The answer to this question will illustrate the Planet Surface Rotational Warming Phenomenon complete rightness!
The measured Mars' mean surface temperature at the actual Mars' distance from sun R.mars = 1,524AU is Tmean.1,524AU =210K
R = 1AU is the Earth's orbit distance from the sun in AU (astronomical units)
Let's apply the inverse square law
(1/R²) = (1/1,524²) = 1/2,32
Mars has 2,32 times less solar irradiation intensity than Earth has Let's calculate using the Stefan-Boltzmann emission law 4 power.

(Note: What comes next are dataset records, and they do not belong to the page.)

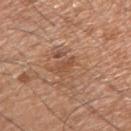The lesion was tiled from a total-body skin photograph and was not biopsied. A male patient, approximately 65 years of age. This is a white-light tile. On the right upper arm. A roughly 15 mm field-of-view crop from a total-body skin photograph. The recorded lesion diameter is about 2.5 mm. Automated tile analysis of the lesion measured a lesion color around L≈50 a*≈22 b*≈33 in CIELAB and about 7 CIELAB-L* units darker than the surrounding skin. It also reported a border-irregularity index near 3.5/10, internal color variation of about 0 on a 0–10 scale, and peripheral color asymmetry of about 0.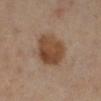Recorded during total-body skin imaging; not selected for excision or biopsy. Measured at roughly 5 mm in maximum diameter. On the right lower leg. A female subject, aged 43 to 47. A 15 mm close-up extracted from a 3D total-body photography capture. An algorithmic analysis of the crop reported a lesion area of about 17 mm², a shape eccentricity near 0.5, and a shape-asymmetry score of about 0.15 (0 = symmetric). And it measured about 11 CIELAB-L* units darker than the surrounding skin. And it measured border irregularity of about 1.5 on a 0–10 scale and a within-lesion color-variation index near 4.5/10. The analysis additionally found a nevus-likeness score of about 95/100 and a detector confidence of about 100 out of 100 that the crop contains a lesion.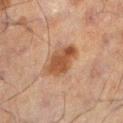{"biopsy_status": "not biopsied; imaged during a skin examination", "image": {"source": "total-body photography crop", "field_of_view_mm": 15}, "site": "left lower leg", "lesion_size": {"long_diameter_mm_approx": 4.5}, "patient": {"sex": "male", "age_approx": 60}, "lighting": "cross-polarized"}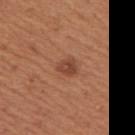Assessment: The lesion was photographed on a routine skin check and not biopsied; there is no pathology result. Clinical summary: Approximately 3.5 mm at its widest. On the arm. Captured under white-light illumination. The subject is a female approximately 65 years of age. The lesion-visualizer software estimated an area of roughly 7.5 mm², a shape eccentricity near 0.35, and two-axis asymmetry of about 0.2. A roughly 15 mm field-of-view crop from a total-body skin photograph.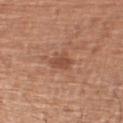The lesion's longest dimension is about 3 mm. From the right upper arm. A lesion tile, about 15 mm wide, cut from a 3D total-body photograph. The tile uses white-light illumination. A male subject, in their mid-60s.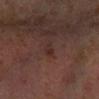Notes:
– follow-up · imaged on a skin check; not biopsied
– subject · male, aged 63–67
– image · total-body-photography crop, ~15 mm field of view
– diameter · ~2.5 mm (longest diameter)
– body site · the left forearm
– automated lesion analysis · a classifier nevus-likeness of about 15/100 and a detector confidence of about 95 out of 100 that the crop contains a lesion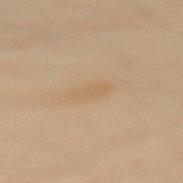notes: total-body-photography surveillance lesion; no biopsy | site: the mid back | TBP lesion metrics: a footprint of about 3.5 mm² and a symmetry-axis asymmetry near 0.3; a border-irregularity index near 3/10, a color-variation rating of about 0.5/10, and a peripheral color-asymmetry measure near 0 | illumination: cross-polarized | diameter: ~3 mm (longest diameter) | patient: female, in their 60s | image source: 15 mm crop, total-body photography.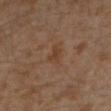Imaged during a routine full-body skin examination; the lesion was not biopsied and no histopathology is available. A male patient, roughly 30 years of age. A lesion tile, about 15 mm wide, cut from a 3D total-body photograph. Located on the left lower leg. The tile uses cross-polarized illumination.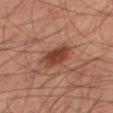notes=catalogued during a skin exam; not biopsied
lesion size=~4 mm (longest diameter)
tile lighting=cross-polarized illumination
image=15 mm crop, total-body photography
body site=the right thigh
patient=male, aged 58–62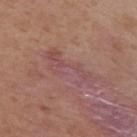The lesion was photographed on a routine skin check and not biopsied; there is no pathology result.
From the upper back.
An algorithmic analysis of the crop reported a footprint of about 10 mm² and a symmetry-axis asymmetry near 0.55. And it measured a lesion color around L≈49 a*≈23 b*≈20 in CIELAB and a lesion–skin lightness drop of about 6. The software also gave a classifier nevus-likeness of about 0/100 and lesion-presence confidence of about 60/100.
A region of skin cropped from a whole-body photographic capture, roughly 15 mm wide.
The lesion's longest dimension is about 6.5 mm.
This is a white-light tile.
A female subject about 40 years old.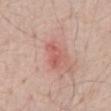biopsy_status: not biopsied; imaged during a skin examination
lighting: white-light
site: chest
lesion_size:
  long_diameter_mm_approx: 3.5
image:
  source: total-body photography crop
  field_of_view_mm: 15
patient:
  sex: male
  age_approx: 70

When estimating the emission temperature the 4th root of the emission intensity should be applied.
Thus, by analogue, Mars at the earth's orbit being irradiated 2,32 times higher, should have (2,32)¹∕ ⁴ times higher the mean surface temperature, than on its actual orbit of R.mars=1,524AU, but with the same rotational spin...
Mars performs 1 rotation every 24,622 hours or 0,9747 rot/day.
(2,32)¹∕ ⁴= 1,23416
Tmean.mars.1AU = 1,23416*Tmean.mars.1,524AU =
= 1,23416*210K = 259,17K or rounded 259K
Mars at earth's orbit would have Tmean.mars =259K.
When comparing with the measured moon's, because Moon also orbits sun at earth's distance, and Moon having a lower than Mars Albedo (a.moon =0,11; a.mars =0,250), thus Moon at earth's orbit being more intensively irradiated Moon/Mars = (1-0,11)So /(1-0,250)So = 0,89/0,75 = 1,187 times Moon is more intensively irradiated, and the measured Tmean.moon =220K
It is a solid proof of the Planet Surface Rotational Warming Phenomenon. The higher Mars' average surface temperature at Earth's orbit than Moon's, the 259K vs 220K, and the huge and undisputable difference of 259K -220K =Δ39C can be explained only by the Mars' rotational spin being 28,783 times faster than that of Moon's.